ABD şimdilerde Arap-İsrail meselesinin Filistin Devleti kurulması yoluyla çözüleceğini görüyor. Görmeside gerekir. Çünkü Ortadoğuda İran’ın destek bulmaması için başka çıkar yol da gözükmüyor. Aksi takdirde Hamas ve İslami Cihad gibi örgütler İran’ın yanında yer alacaktır. İran’la başa çıkabilmenin tek yolu Filistin Devleti’nin kurulmasıyla mümkündür. Bu durumda ABD’nin Büyük Ortadoğu Projesinden vazgeçtiği anlamına gelmiyeceği gibi, yakın bir zamanda da Filistin Devleti kurulursa hiçte süprüz olmayacak. Çünkü buna mecburlar.

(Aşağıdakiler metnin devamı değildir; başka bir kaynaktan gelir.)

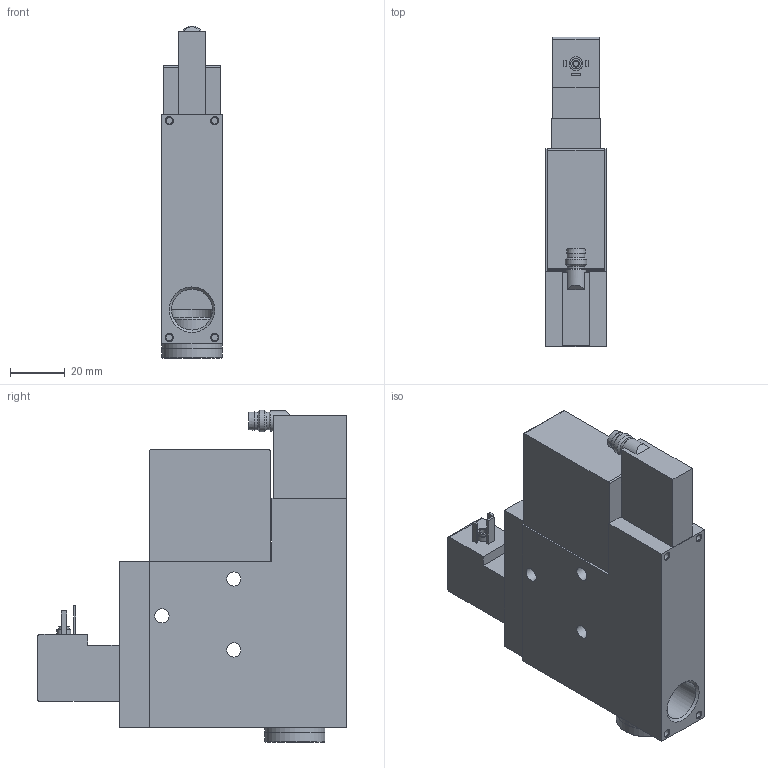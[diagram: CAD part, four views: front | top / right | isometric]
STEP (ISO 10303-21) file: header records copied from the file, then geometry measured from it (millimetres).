
FILE_DESCRIPTION(/* description */ ('STEP AP214'),/* implementation_level */ '2;1');
FILE_NAME(/* name */ '162521_VADM-200-N',/* time_stamp */ '2024-09-16T06:19:21+02:00',/* author */ ('License CC BY-ND 4.0'),/* organization */ ('CADENAS'),/* preprocessor_version */ 'ST-DEVELOPER v19.3',/* originating_system */ 'PARTsolutions',/* authorisation */ ' ');
FILE_SCHEMA (('AUTOMOTIVE_DESIGN {1 0 10303 214 3 1 1}'));
Length unit declared in the file: millimetre
Products named in the file (3): 162521 VADM-200-N---(0); 162521 VADM-200-N---(0_p); 3570 B-3/8
Assembly tree (2 placements, depth 2):
  162521 VADM-200-N---(0)
    162521 VADM-200-N---(0_p)
    3570 B-3/8
Bounding box: 22 x 113.4 x 121.6 mm (x, y, z)
Volume: 176483 mm3; surface area: 34024.2 mm2
Topology: 2 solids, 2 shells, 123 faces, 263 edges, 168 vertices
Faces by surface type: plane 74, cylinder 32, cone 16, torus 1
Full cylindrical faces by diameter (mm): 1 x4, 2.013 x1, 2.459 x4, 2.5 x1, 3.8 x1, 5 x1, 5.2 x3, 5.5 x1, 6.5 x3, 7.4 x1, 8 x1, 11.445 x1, 14.95 x2, 16.662 x1, 19.8 x1, 22 x2
Entity records: 3868 total; most frequent: DIRECTION 541, CARTESIAN_POINT 530, ORIENTED_EDGE 430, EDGE_CURVE 215, AXIS2_PLACEMENT_3D 206, EDGE_LOOP 200, FACE_BOUND 200, VERTEX_POINT 165
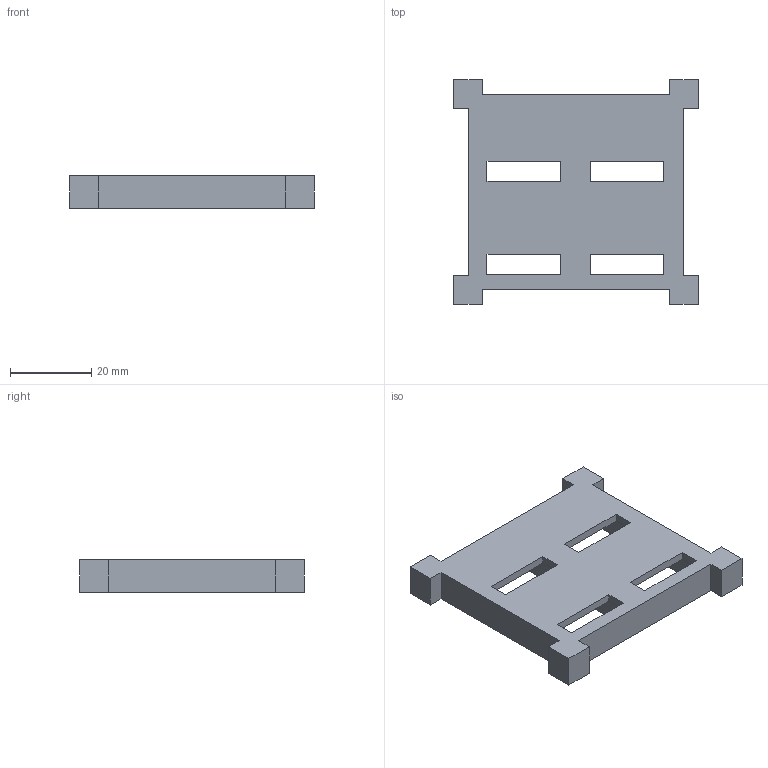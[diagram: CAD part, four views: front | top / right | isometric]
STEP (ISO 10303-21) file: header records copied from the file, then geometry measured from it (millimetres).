
FILE_DESCRIPTION(('FreeCAD Model'),'2;1');
FILE_NAME('Open CASCADE Shape Model','2022-07-19T15:53:20',('Author'),( ''),'Open CASCADE STEP processor 7.5','FreeCAD','Unknown');
FILE_SCHEMA(('AUTOMOTIVE_DESIGN { 1 0 10303 214 1 1 1 1 }'));
Length unit declared in the file: millimetre
Products named in the file (1): 4_baro_holder
Bounding box: 60.28 x 55.33 x 8 mm (x, y, z)
Volume: 11923.5 mm3; surface area: 8958.1 mm2
Topology: 1 solids, 1 shells, 58 faces, 160 edges, 104 vertices
Faces by surface type: plane 58
Entity records: 3918 total; most frequent: CARTESIAN_POINT 643, DIRECTION 598, LINE 480, VECTOR 480, ORIENTED_EDGE 320, PCURVE 320, DEFINITIONAL_REPRESENTATION 320, EDGE_CURVE 160

Gelinen noktada George Bush, dünyayı değiştirme yetkisini kendinde görüyor ve kendisini yetkili görmek ile çıkan manzara şüphesiz savaş ve gözyaşı oldu.
Velhasıl, şimdi sahnede Barak Obama var. Bakalım yeni başkanın izleyeceği politika ne olacak. İzleyelim görelim.